Every entry below needs to be printed again exactly, with its pictures left out.

### Listed records

* * * * *

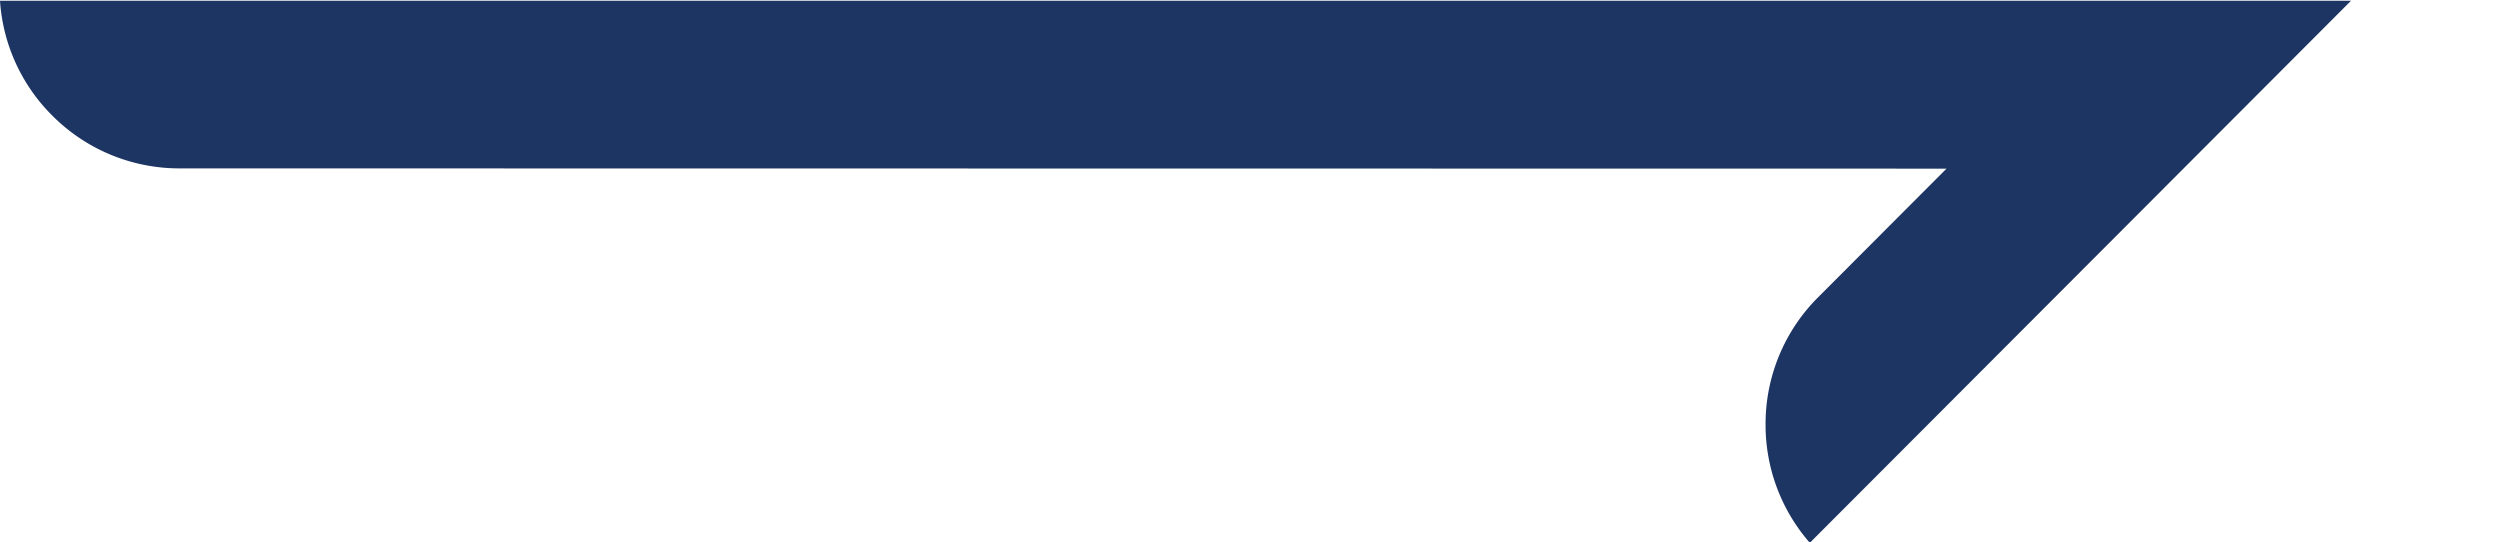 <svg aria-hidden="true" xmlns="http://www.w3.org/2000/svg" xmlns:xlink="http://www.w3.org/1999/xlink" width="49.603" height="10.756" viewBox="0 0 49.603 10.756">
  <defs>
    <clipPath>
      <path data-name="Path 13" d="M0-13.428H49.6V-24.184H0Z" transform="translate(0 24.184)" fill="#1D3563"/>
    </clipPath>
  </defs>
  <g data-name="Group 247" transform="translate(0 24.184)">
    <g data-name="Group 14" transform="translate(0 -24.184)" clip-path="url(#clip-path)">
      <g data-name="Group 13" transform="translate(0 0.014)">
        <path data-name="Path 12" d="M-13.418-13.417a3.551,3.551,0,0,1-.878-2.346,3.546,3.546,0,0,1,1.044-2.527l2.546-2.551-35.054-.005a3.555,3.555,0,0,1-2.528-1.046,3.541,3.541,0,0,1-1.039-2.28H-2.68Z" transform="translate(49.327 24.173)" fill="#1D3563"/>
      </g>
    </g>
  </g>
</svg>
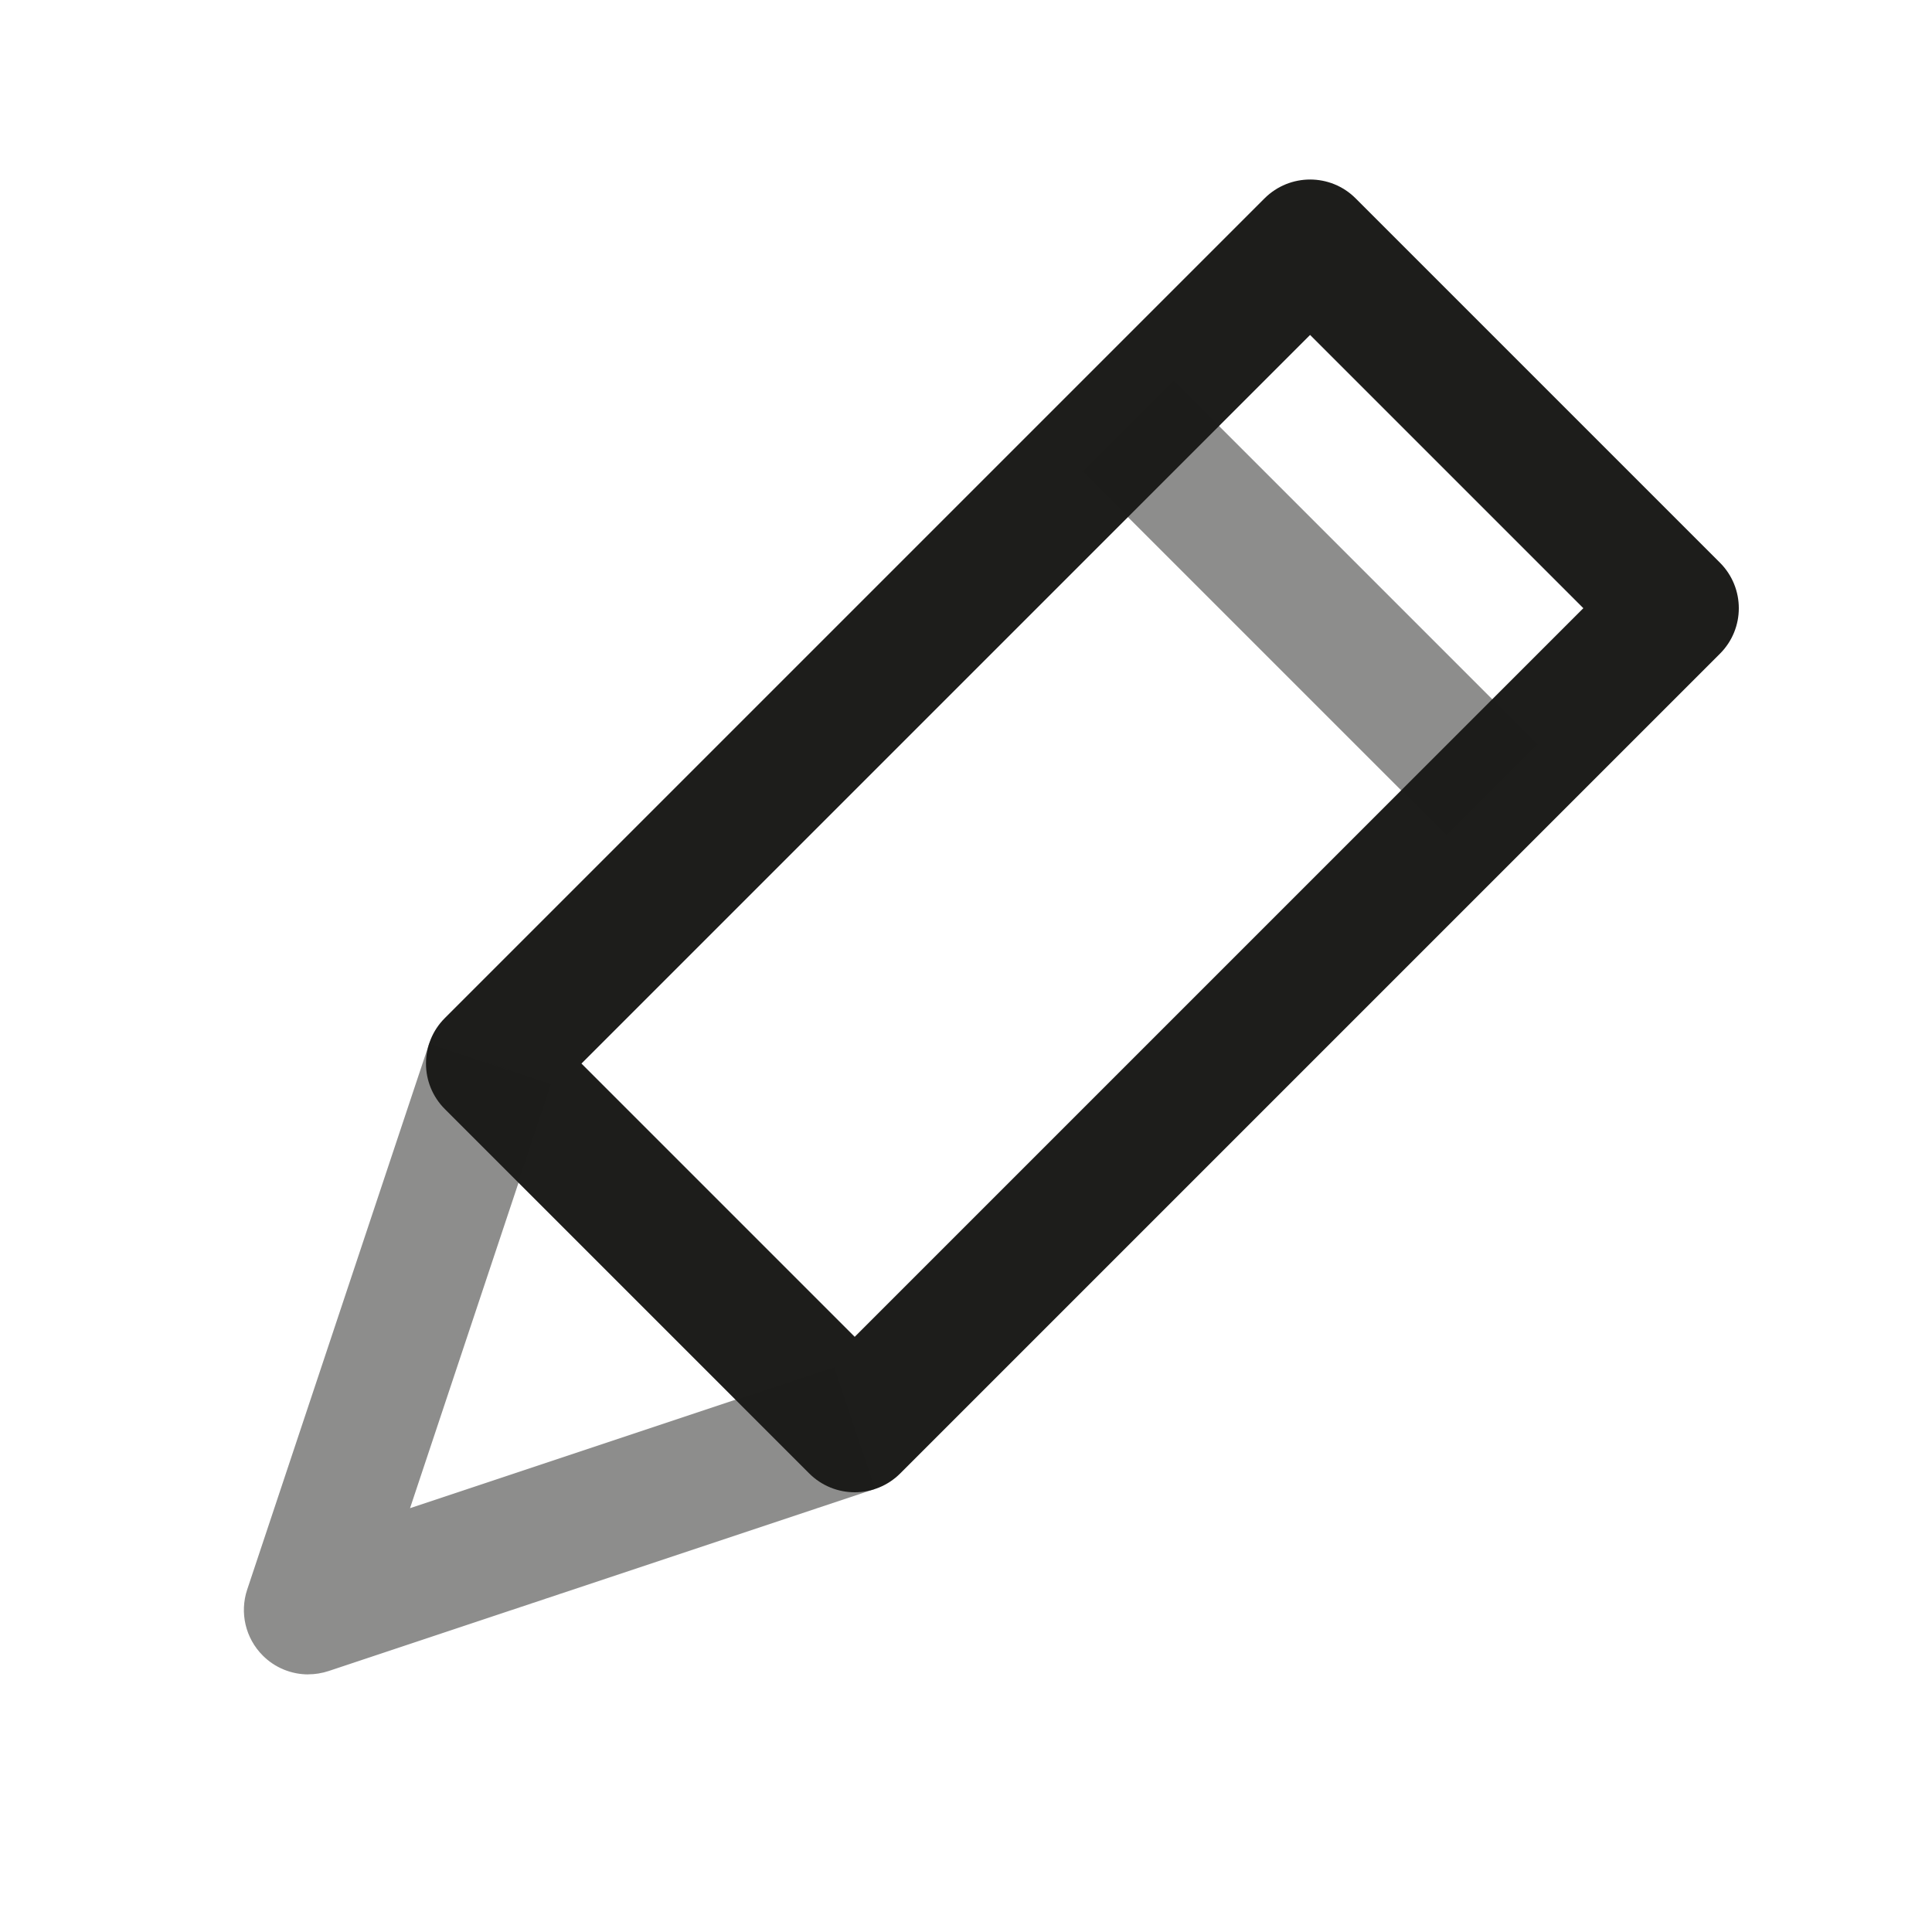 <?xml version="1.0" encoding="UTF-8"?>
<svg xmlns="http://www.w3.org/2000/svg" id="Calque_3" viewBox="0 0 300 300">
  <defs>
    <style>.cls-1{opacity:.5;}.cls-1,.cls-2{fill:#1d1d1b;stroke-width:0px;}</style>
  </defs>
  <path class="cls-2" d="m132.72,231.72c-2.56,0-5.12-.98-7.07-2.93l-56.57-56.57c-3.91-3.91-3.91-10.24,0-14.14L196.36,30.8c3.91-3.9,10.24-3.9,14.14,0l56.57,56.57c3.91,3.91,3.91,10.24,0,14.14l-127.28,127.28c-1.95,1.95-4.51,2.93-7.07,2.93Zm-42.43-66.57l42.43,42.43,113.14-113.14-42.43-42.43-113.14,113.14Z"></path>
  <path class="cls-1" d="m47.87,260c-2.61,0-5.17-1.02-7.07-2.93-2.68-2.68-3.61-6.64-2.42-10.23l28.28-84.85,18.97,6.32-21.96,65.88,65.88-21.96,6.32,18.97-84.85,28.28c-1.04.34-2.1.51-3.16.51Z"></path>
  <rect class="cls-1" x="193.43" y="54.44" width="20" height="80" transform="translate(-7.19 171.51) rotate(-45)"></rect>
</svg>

* * * * *

### Completed task
 <svg aria-hidden="true" xmlns="http://www.w3.org/2000/svg" xmlns:xlink="http://www.w3.org/1999/xlink" width="49.603" height="10.756" viewBox="0 0 49.603 10.756">
  <defs>
    <clipPath>
      <path data-name="Path 13" d="M0-13.428H49.6V-24.184H0Z" transform="translate(0 24.184)" fill="#1D3563"/>
    </clipPath>
  </defs>
  <g data-name="Group 247" transform="translate(0 24.184)">
    <g data-name="Group 14" transform="translate(0 -24.184)" clip-path="url(#clip-path)">
      <g data-name="Group 13" transform="translate(0 0.014)">
        <path data-name="Path 12" d="M-13.418-13.417a3.551,3.551,0,0,1-.878-2.346,3.546,3.546,0,0,1,1.044-2.527l2.546-2.551-35.054-.005a3.555,3.555,0,0,1-2.528-1.046,3.541,3.541,0,0,1-1.039-2.28H-2.68Z" transform="translate(49.327 24.173)" fill="#1D3563"/>
      </g>
    </g>
  </g>
</svg>
 <?xml version="1.0" encoding="UTF-8"?>
<svg xmlns="http://www.w3.org/2000/svg" id="Calque_3" viewBox="0 0 300 300">
  <defs>
    <style>.cls-1{opacity:.5;}.cls-1,.cls-2{fill:#1d1d1b;stroke-width:0px;}</style>
  </defs>
  <path class="cls-2" d="m132.72,231.72c-2.56,0-5.12-.98-7.07-2.93l-56.57-56.57c-3.91-3.91-3.91-10.24,0-14.14L196.36,30.8c3.91-3.9,10.24-3.9,14.14,0l56.57,56.57c3.91,3.91,3.91,10.24,0,14.14l-127.28,127.28c-1.95,1.95-4.51,2.93-7.07,2.93Zm-42.43-66.57l42.43,42.43,113.14-113.14-42.43-42.43-113.14,113.14Z"></path>
  <path class="cls-1" d="m47.87,260c-2.61,0-5.17-1.02-7.07-2.93-2.68-2.68-3.61-6.64-2.42-10.23l28.28-84.85,18.97,6.32-21.96,65.88,65.88-21.96,6.32,18.97-84.85,28.28c-1.04.34-2.1.51-3.16.51Z"></path>
  <rect class="cls-1" x="193.43" y="54.44" width="20" height="80" transform="translate(-7.19 171.51) rotate(-45)"></rect>
</svg>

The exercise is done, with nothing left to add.